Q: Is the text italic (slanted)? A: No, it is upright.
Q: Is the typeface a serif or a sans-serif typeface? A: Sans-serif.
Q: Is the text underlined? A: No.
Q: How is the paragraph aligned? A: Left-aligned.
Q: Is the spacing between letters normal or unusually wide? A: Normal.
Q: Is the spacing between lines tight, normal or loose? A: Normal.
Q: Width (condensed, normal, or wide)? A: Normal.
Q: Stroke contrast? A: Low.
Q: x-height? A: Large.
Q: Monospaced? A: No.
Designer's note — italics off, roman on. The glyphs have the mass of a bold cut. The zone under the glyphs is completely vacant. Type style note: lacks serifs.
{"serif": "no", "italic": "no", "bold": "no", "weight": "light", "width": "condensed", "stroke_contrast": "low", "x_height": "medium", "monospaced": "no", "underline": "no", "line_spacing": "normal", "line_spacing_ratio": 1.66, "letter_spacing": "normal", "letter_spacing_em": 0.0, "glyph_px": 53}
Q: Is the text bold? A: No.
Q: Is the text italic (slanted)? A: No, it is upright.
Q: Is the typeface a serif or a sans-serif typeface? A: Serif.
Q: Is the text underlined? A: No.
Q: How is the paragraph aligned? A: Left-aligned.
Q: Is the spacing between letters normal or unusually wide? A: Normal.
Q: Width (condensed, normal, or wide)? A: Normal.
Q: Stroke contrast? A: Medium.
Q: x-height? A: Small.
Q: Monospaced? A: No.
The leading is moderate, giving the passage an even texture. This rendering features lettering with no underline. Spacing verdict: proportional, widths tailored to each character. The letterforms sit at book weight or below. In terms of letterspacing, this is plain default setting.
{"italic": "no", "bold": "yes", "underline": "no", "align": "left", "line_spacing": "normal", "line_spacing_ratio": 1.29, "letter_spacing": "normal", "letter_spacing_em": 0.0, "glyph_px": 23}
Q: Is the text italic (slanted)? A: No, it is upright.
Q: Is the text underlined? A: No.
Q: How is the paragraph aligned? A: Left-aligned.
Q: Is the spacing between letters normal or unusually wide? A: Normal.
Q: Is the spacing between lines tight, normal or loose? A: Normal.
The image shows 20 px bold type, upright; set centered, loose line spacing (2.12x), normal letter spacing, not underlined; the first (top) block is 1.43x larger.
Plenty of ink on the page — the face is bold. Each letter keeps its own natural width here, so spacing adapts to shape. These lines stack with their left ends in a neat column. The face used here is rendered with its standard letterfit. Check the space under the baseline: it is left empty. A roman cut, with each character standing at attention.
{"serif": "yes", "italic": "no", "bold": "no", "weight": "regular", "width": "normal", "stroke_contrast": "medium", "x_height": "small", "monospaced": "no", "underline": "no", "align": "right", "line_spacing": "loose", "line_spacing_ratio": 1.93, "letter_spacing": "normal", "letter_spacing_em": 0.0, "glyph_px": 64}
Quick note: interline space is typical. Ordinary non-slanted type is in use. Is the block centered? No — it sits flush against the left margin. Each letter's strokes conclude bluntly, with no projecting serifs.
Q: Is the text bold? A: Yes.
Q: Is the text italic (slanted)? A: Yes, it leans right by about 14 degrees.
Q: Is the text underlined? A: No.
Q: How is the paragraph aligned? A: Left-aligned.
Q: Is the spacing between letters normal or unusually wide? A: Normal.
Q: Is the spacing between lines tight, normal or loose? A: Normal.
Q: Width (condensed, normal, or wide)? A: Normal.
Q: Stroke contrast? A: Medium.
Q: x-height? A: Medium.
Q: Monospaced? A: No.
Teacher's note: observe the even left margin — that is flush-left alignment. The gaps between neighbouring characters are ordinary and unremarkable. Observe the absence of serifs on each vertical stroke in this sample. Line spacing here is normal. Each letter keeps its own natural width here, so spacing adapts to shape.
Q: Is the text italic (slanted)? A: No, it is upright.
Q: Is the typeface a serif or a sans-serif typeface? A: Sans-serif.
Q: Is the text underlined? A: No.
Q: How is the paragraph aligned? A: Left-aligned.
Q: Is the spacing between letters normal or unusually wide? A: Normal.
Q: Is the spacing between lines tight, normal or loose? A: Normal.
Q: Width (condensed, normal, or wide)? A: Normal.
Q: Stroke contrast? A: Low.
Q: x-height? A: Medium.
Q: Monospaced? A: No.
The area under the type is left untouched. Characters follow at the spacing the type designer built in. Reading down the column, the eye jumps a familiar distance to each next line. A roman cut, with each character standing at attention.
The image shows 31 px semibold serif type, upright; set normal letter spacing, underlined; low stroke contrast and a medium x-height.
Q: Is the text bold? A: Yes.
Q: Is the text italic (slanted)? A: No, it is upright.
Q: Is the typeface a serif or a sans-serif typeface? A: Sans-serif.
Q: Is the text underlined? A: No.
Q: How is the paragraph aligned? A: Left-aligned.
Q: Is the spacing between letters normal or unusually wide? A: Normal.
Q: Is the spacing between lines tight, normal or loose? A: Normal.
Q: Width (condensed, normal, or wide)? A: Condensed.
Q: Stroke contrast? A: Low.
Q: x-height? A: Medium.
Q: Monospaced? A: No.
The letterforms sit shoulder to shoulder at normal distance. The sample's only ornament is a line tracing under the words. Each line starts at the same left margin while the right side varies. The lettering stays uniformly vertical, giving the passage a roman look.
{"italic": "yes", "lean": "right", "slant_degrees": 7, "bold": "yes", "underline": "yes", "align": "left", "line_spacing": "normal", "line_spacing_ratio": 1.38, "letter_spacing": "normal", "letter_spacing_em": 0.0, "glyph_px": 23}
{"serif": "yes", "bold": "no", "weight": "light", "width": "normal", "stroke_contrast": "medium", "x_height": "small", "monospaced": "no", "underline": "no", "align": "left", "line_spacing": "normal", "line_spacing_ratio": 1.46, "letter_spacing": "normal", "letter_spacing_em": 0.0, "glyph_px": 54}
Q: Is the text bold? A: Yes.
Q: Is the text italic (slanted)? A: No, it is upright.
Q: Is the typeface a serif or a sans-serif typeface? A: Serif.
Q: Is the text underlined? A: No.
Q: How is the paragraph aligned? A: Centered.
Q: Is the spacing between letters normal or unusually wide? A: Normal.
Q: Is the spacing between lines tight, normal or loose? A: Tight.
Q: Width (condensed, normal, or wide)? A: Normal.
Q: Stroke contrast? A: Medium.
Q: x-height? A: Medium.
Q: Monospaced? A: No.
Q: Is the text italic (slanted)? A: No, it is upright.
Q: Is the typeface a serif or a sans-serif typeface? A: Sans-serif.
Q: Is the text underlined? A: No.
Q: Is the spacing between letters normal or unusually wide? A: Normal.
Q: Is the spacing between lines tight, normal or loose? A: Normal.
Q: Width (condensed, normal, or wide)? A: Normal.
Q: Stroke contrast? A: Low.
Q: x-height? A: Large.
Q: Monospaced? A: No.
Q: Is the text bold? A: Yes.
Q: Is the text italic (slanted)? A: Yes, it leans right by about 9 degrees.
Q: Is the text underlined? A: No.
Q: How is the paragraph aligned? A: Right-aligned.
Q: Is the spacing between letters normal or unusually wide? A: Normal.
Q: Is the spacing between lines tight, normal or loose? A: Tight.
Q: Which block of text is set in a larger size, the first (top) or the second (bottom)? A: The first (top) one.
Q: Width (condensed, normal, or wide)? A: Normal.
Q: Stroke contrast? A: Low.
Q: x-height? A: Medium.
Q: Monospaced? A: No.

What this task involves:
Reproduce the material above in full, exactly.

Exercise output:
Q: Is the text italic (slanted)? A: No, it is upright.
Q: Is the typeface a serif or a sans-serif typeface? A: Sans-serif.
Q: Is the text underlined? A: No.
Q: How is the paragraph aligned? A: Left-aligned.
Q: Is the spacing between letters normal or unusually wide? A: Normal.
Q: Is the spacing between lines tight, normal or loose? A: Normal.
Q: Width (condensed, normal, or wide)? A: Normal.
Q: Stroke contrast? A: Low.
Q: x-height? A: Large.
Q: Monospaced? A: No.
Designer's note — italics off, roman on. The glyphs have the mass of a bold cut. The zone under the glyphs is completely vacant. Type style note: lacks serifs.
{"serif": "no", "italic": "no", "bold": "no", "weight": "light", "width": "condensed", "stroke_contrast": "low", "x_height": "medium", "monospaced": "no", "underline": "no", "line_spacing": "normal", "line_spacing_ratio": 1.66, "letter_spacing": "normal", "letter_spacing_em": 0.0, "glyph_px": 53}
Q: Is the text bold? A: No.
Q: Is the text italic (slanted)? A: No, it is upright.
Q: Is the typeface a serif or a sans-serif typeface? A: Serif.
Q: Is the text underlined? A: No.
Q: How is the paragraph aligned? A: Left-aligned.
Q: Is the spacing between letters normal or unusually wide? A: Normal.
Q: Width (condensed, normal, or wide)? A: Normal.
Q: Stroke contrast? A: Medium.
Q: x-height? A: Small.
Q: Monospaced? A: No.
The leading is moderate, giving the passage an even texture. This rendering features lettering with no underline. Spacing verdict: proportional, widths tailored to each character. The letterforms sit at book weight or below. In terms of letterspacing, this is plain default setting.
{"italic": "no", "bold": "yes", "underline": "no", "align": "left", "line_spacing": "normal", "line_spacing_ratio": 1.29, "letter_spacing": "normal", "letter_spacing_em": 0.0, "glyph_px": 23}
Q: Is the text italic (slanted)? A: No, it is upright.
Q: Is the text underlined? A: No.
Q: How is the paragraph aligned? A: Left-aligned.
Q: Is the spacing between letters normal or unusually wide? A: Normal.
Q: Is the spacing between lines tight, normal or loose? A: Normal.
The image shows 20 px bold type, upright; set centered, loose line spacing (2.12x), normal letter spacing, not underlined; the first (top) block is 1.43x larger.
Plenty of ink on the page — the face is bold. Each letter keeps its own natural width here, so spacing adapts to shape. These lines stack with their left ends in a neat column. The face used here is rendered with its standard letterfit. Check the space under the baseline: it is left empty. A roman cut, with each character standing at attention.
{"serif": "yes", "italic": "no", "bold": "no", "weight": "regular", "width": "normal", "stroke_contrast": "medium", "x_height": "small", "monospaced": "no", "underline": "no", "align": "right", "line_spacing": "loose", "line_spacing_ratio": 1.93, "letter_spacing": "normal", "letter_spacing_em": 0.0, "glyph_px": 64}
Quick note: interline space is typical. Ordinary non-slanted type is in use. Is the block centered? No — it sits flush against the left margin. Each letter's strokes conclude bluntly, with no projecting serifs.
Q: Is the text bold? A: Yes.
Q: Is the text italic (slanted)? A: Yes, it leans right by about 14 degrees.
Q: Is the text underlined? A: No.
Q: How is the paragraph aligned? A: Left-aligned.
Q: Is the spacing between letters normal or unusually wide? A: Normal.
Q: Is the spacing between lines tight, normal or loose? A: Normal.
Q: Width (condensed, normal, or wide)? A: Normal.
Q: Stroke contrast? A: Medium.
Q: x-height? A: Medium.
Q: Monospaced? A: No.
Teacher's note: observe the even left margin — that is flush-left alignment. The gaps between neighbouring characters are ordinary and unremarkable. Observe the absence of serifs on each vertical stroke in this sample. Line spacing here is normal. Each letter keeps its own natural width here, so spacing adapts to shape.
Q: Is the text italic (slanted)? A: No, it is upright.
Q: Is the typeface a serif or a sans-serif typeface? A: Sans-serif.
Q: Is the text underlined? A: No.
Q: How is the paragraph aligned? A: Left-aligned.
Q: Is the spacing between letters normal or unusually wide? A: Normal.
Q: Is the spacing between lines tight, normal or loose? A: Normal.
Q: Width (condensed, normal, or wide)? A: Normal.
Q: Stroke contrast? A: Low.
Q: x-height? A: Medium.
Q: Monospaced? A: No.
The area under the type is left untouched. Characters follow at the spacing the type designer built in. Reading down the column, the eye jumps a familiar distance to each next line. A roman cut, with each character standing at attention.
The image shows 31 px semibold serif type, upright; set normal letter spacing, underlined; low stroke contrast and a medium x-height.
Q: Is the text bold? A: Yes.
Q: Is the text italic (slanted)? A: No, it is upright.
Q: Is the typeface a serif or a sans-serif typeface? A: Sans-serif.
Q: Is the text underlined? A: No.
Q: How is the paragraph aligned? A: Left-aligned.
Q: Is the spacing between letters normal or unusually wide? A: Normal.
Q: Is the spacing between lines tight, normal or loose? A: Normal.
Q: Width (condensed, normal, or wide)? A: Condensed.
Q: Stroke contrast? A: Low.
Q: x-height? A: Medium.
Q: Monospaced? A: No.
The letterforms sit shoulder to shoulder at normal distance. The sample's only ornament is a line tracing under the words. Each line starts at the same left margin while the right side varies. The lettering stays uniformly vertical, giving the passage a roman look.
{"italic": "yes", "lean": "right", "slant_degrees": 7, "bold": "yes", "underline": "yes", "align": "left", "line_spacing": "normal", "line_spacing_ratio": 1.38, "letter_spacing": "normal", "letter_spacing_em": 0.0, "glyph_px": 23}
{"serif": "yes", "bold": "no", "weight": "light", "width": "normal", "stroke_contrast": "medium", "x_height": "small", "monospaced": "no", "underline": "no", "align": "left", "line_spacing": "normal", "line_spacing_ratio": 1.46, "letter_spacing": "normal", "letter_spacing_em": 0.0, "glyph_px": 54}
Q: Is the text bold? A: Yes.
Q: Is the text italic (slanted)? A: No, it is upright.
Q: Is the typeface a serif or a sans-serif typeface? A: Serif.
Q: Is the text underlined? A: No.
Q: How is the paragraph aligned? A: Centered.
Q: Is the spacing between letters normal or unusually wide? A: Normal.
Q: Is the spacing between lines tight, normal or loose? A: Tight.
Q: Width (condensed, normal, or wide)? A: Normal.
Q: Stroke contrast? A: Medium.
Q: x-height? A: Medium.
Q: Monospaced? A: No.
Q: Is the text italic (slanted)? A: No, it is upright.
Q: Is the typeface a serif or a sans-serif typeface? A: Sans-serif.
Q: Is the text underlined? A: No.
Q: Is the spacing between letters normal or unusually wide? A: Normal.
Q: Is the spacing between lines tight, normal or loose? A: Normal.
Q: Width (condensed, normal, or wide)? A: Normal.
Q: Stroke contrast? A: Low.
Q: x-height? A: Large.
Q: Monospaced? A: No.
Q: Is the text bold? A: Yes.
Q: Is the text italic (slanted)? A: Yes, it leans right by about 9 degrees.
Q: Is the text underlined? A: No.
Q: How is the paragraph aligned? A: Right-aligned.
Q: Is the spacing between letters normal or unusually wide? A: Normal.
Q: Is the spacing between lines tight, normal or loose? A: Tight.
Q: Which block of text is set in a larger size, the first (top) or the second (bottom)? A: The first (top) one.
Q: Width (condensed, normal, or wide)? A: Normal.
Q: Stroke contrast? A: Low.
Q: x-height? A: Medium.
Q: Monospaced? A: No.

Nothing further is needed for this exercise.